Una donna incinta assunta a tempo indeterminato? In Italia fa notizia

Comunica al capo di essere incinta e lui le fa un contratto a tempo indeterminato. È bastata questa concatenazione di fatti per suscitare l’interesse della stampa italiana, che ha immediatamente legato i due eventi di per sé separabili (restare incinta e avere un contratto stabile) e sottolineato l’eccezionalità del caso. La stessa mamma, Delia Barzotti, dipendente dell’azienda triestina Cpi-Eng, si è definita “privilegiata” per aver ricevuto un trattamento così favorevole, “nonostante” il fatto di aspettare un bambino.
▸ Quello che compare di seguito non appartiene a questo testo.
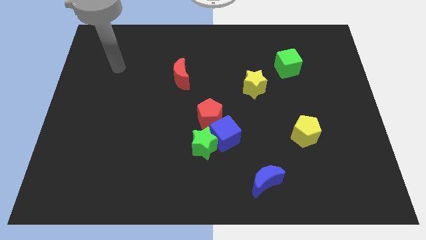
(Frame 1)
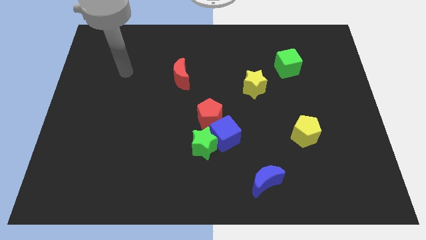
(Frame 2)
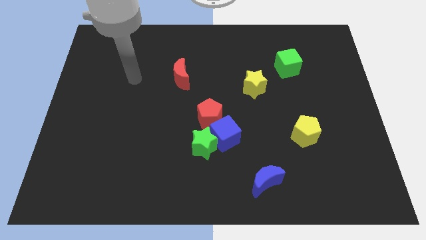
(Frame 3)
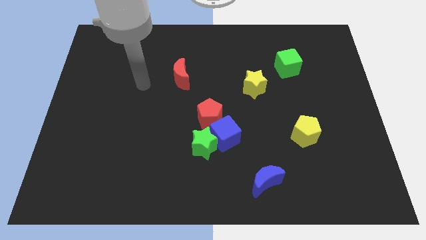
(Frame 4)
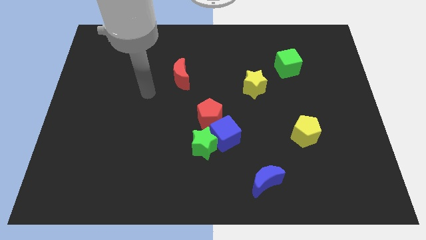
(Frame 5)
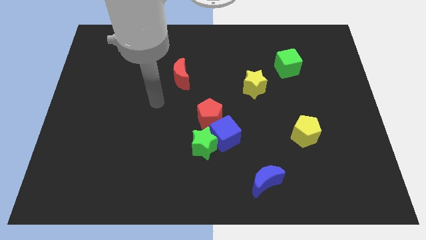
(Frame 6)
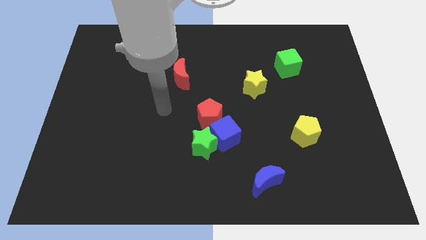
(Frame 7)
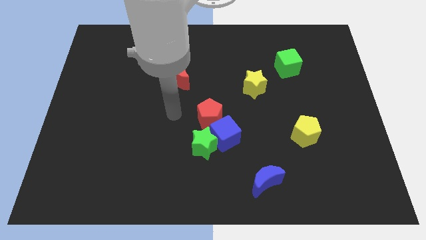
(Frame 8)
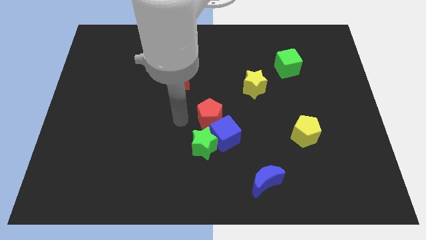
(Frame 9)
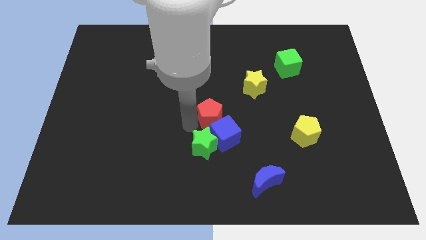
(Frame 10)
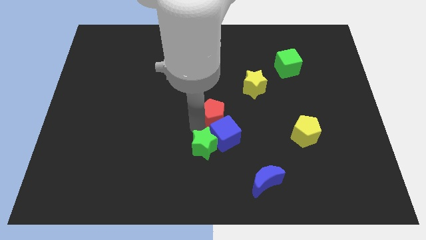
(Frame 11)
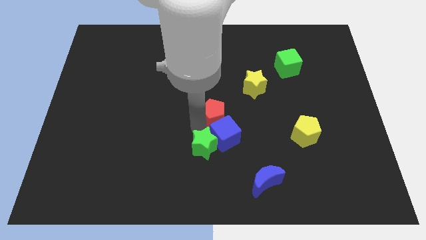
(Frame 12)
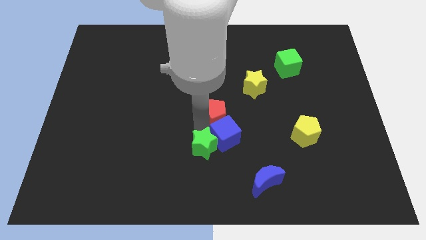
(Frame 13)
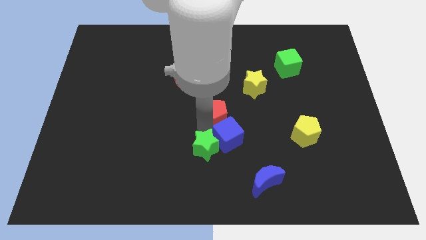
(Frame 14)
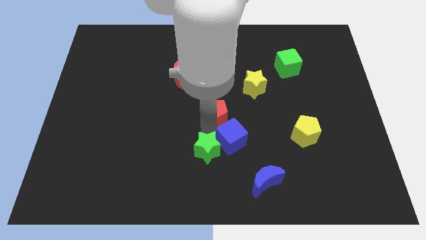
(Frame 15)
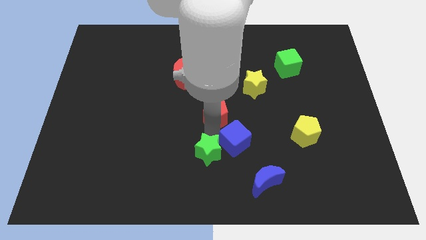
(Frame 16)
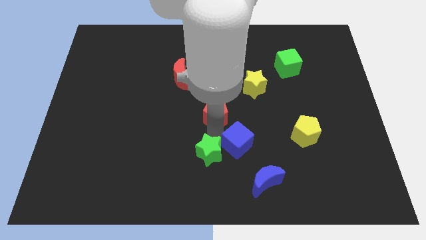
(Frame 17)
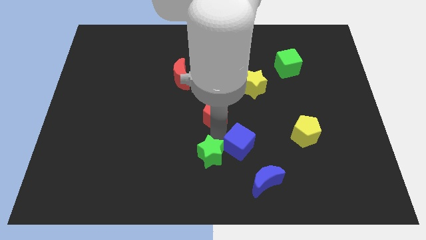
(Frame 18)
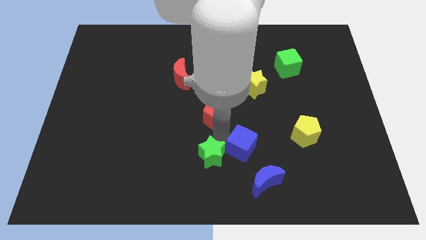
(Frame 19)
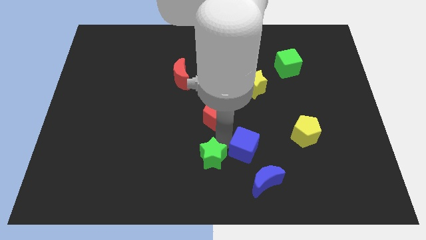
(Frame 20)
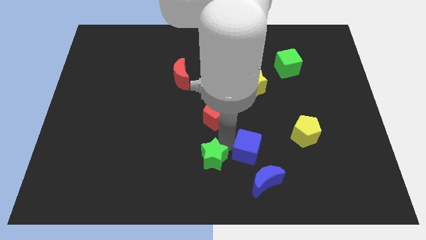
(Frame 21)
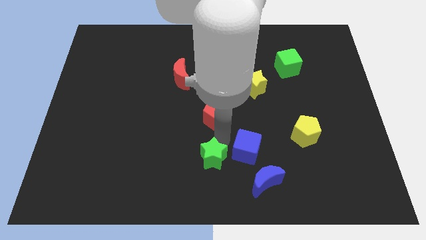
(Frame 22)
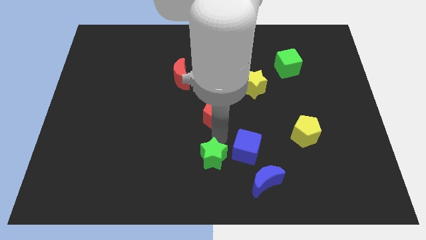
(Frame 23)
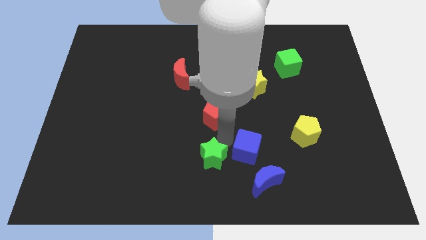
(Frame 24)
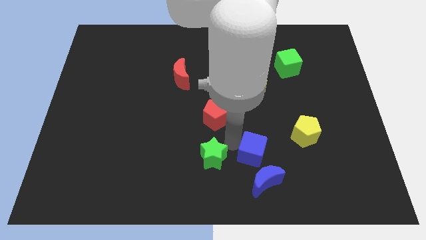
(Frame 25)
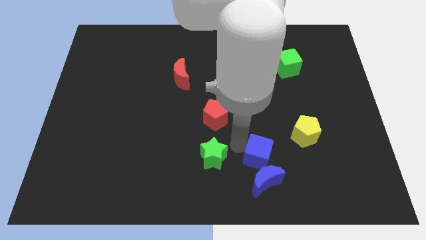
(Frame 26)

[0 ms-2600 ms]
move the blue cube away from the green star and red pentagon

 Provate ora a immaginare se la stessa vicenda si fosse svolta in Svezia, Danimarca, ma anche Olanda, Germania, Francia. Con tutta probabilità nessun giornale avrebbe raccontato un fatto così banale, qualcosa che accade normalmente in paesi dove la maternità è considerata non un evento speciale, ma felicemente ordinario. Manca completamente in questi paesi l’idea che aspettare un figlio porti a un cambiamento nello “status” della donna – che da noi diventa invece improvvisamente “diversa” – così come la credenza per cui una donna incinta rappresenti un ostacolo, una spesa, un problema da risolvere. Anche perché a restare incinta, altrove in Europa, è una “famiglia” nel suo insieme, visto che i congedi di paternità durano anche alcuni mesi e gli uomini li prendono in massa (non come da noi, dove ci sono 4 giorni di congedo obbligatorio mentre la paternità facoltativa viene presa da meno di un padre su cinque).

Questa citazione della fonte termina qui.